Assignment
The goal here is an exact copy of the entries below, without their pictures.

Extracted entries
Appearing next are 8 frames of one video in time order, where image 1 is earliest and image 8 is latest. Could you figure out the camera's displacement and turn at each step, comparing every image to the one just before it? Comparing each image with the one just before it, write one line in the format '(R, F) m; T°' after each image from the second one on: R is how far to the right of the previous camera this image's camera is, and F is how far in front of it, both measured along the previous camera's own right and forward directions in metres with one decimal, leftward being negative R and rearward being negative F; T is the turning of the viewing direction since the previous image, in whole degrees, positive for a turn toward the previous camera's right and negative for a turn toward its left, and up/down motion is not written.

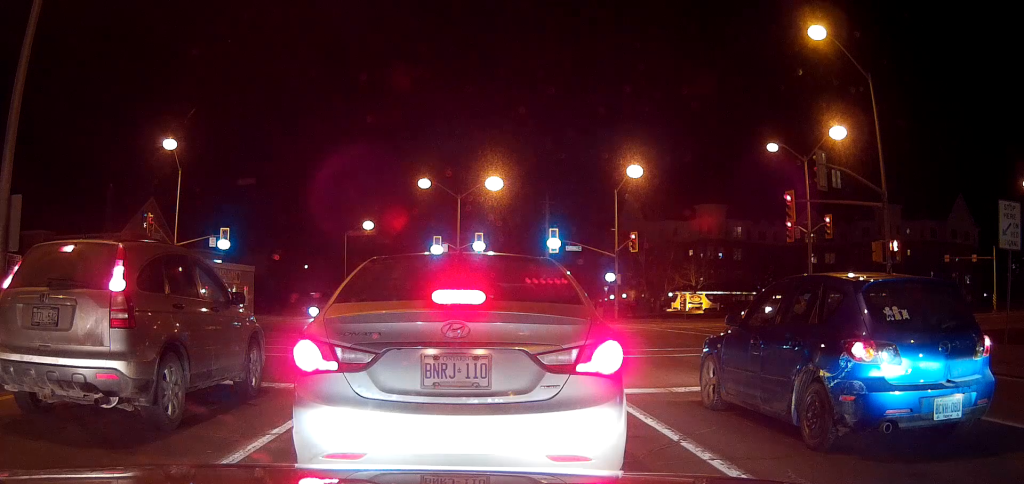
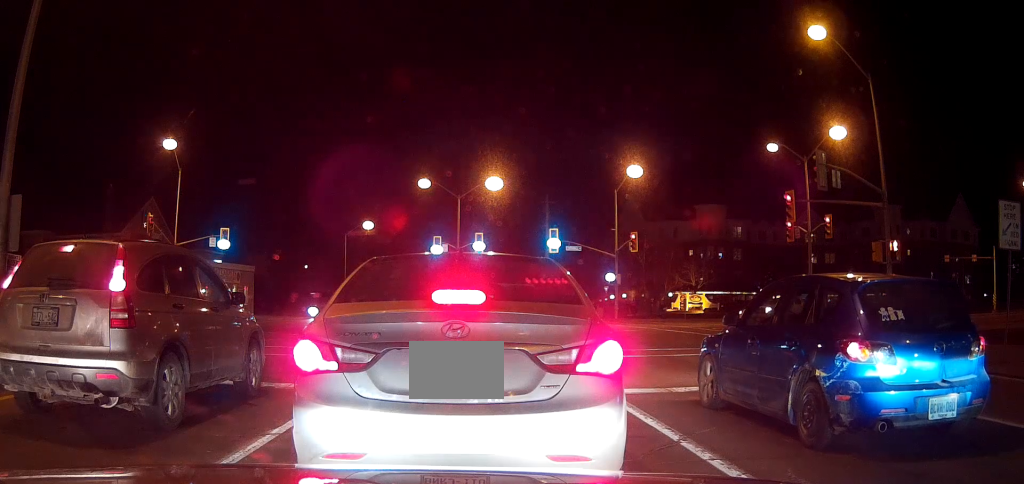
(0.0, 0.0) m; 0°
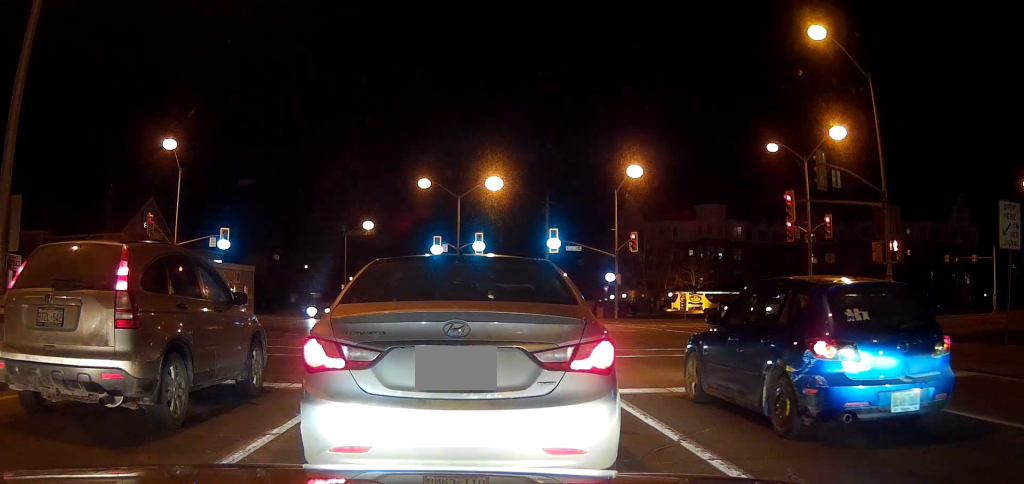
(0.0, 0.0) m; 0°
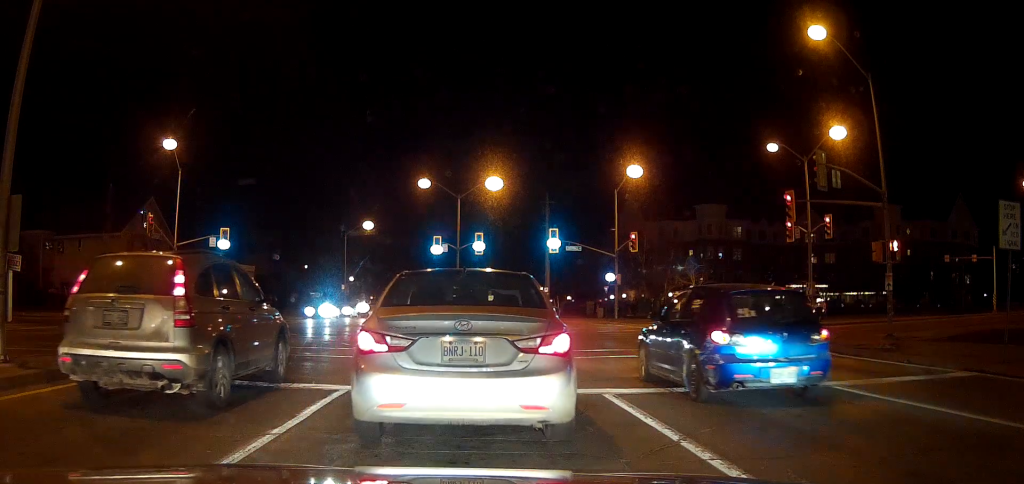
(0.0, 0.0) m; 0°
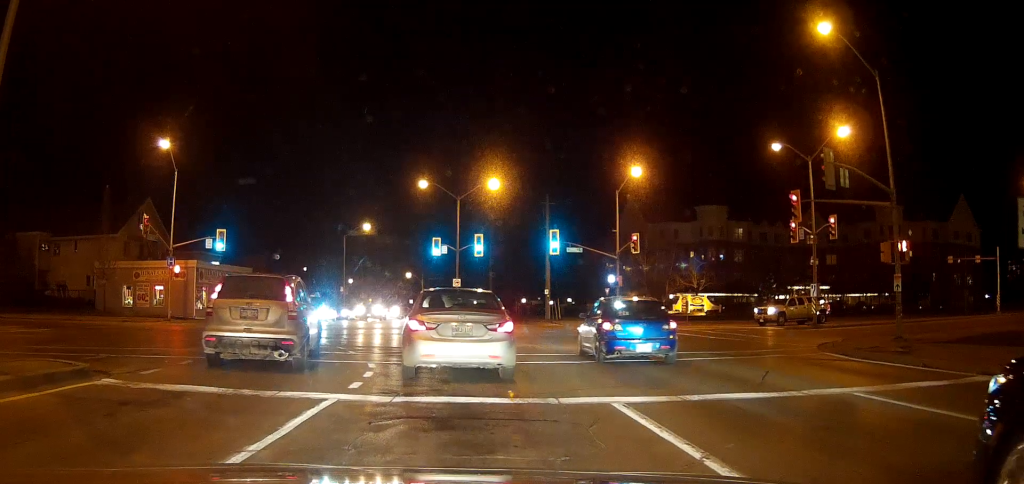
(0.0, +0.3) m; 0°
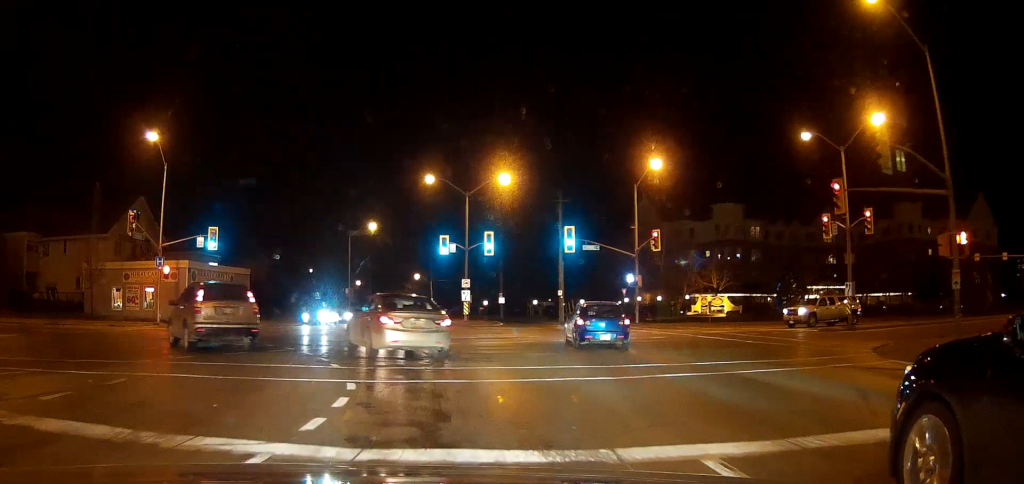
(0.0, +5.3) m; +2°
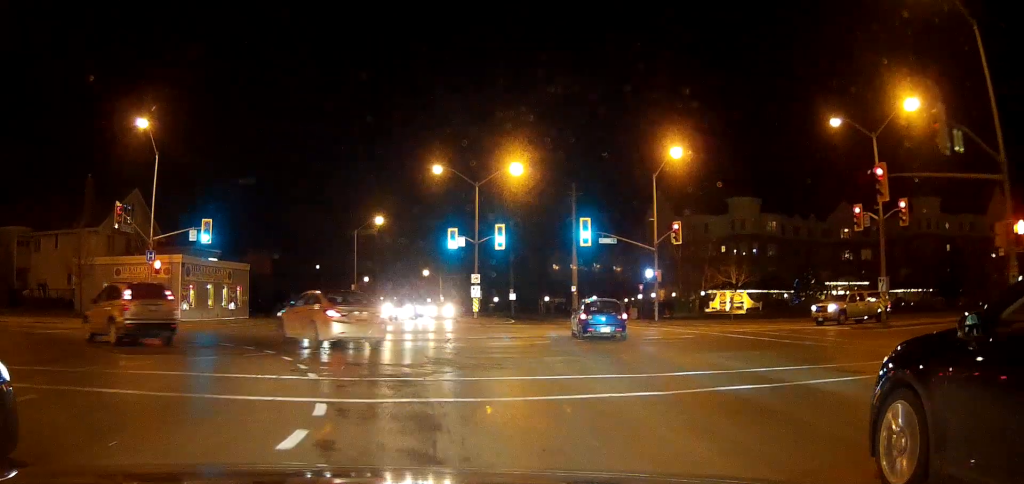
(+0.2, +3.8) m; -2°
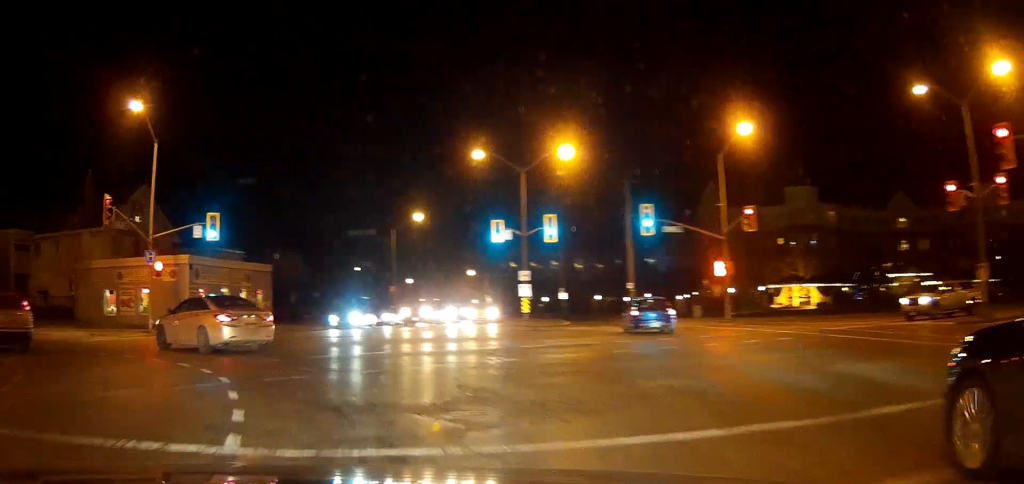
(-0.4, +6.3) m; -12°

Answer area
Appearing next are 8 frames of one video in time order, where image 1 is earliest and image 8 is latest. Could you figure out the camera's displacement and turn at each step, comparing every image to the one just before it? Comparing each image with the one just before it, write one line in the format '(R, F) m; T°' after each image from the second one on: R is how far to the right of the previous camera this image's camera is, and F is how far in front of it, both measured along the previous camera's own right and forward directions in metres with one decimal, leftward being negative R and rearward being negative F; T is the turning of the viewing direction since the previous image, in whole degrees, positive for a turn toward the previous camera's right and negative for a turn toward its left, and up/down motion is not written.

(0.0, 0.0) m; 0°
(0.0, 0.0) m; 0°
(0.0, 0.0) m; 0°
(0.0, +0.3) m; 0°
(0.0, +5.3) m; +2°
(+0.2, +3.8) m; -2°
(-0.4, +6.3) m; -12°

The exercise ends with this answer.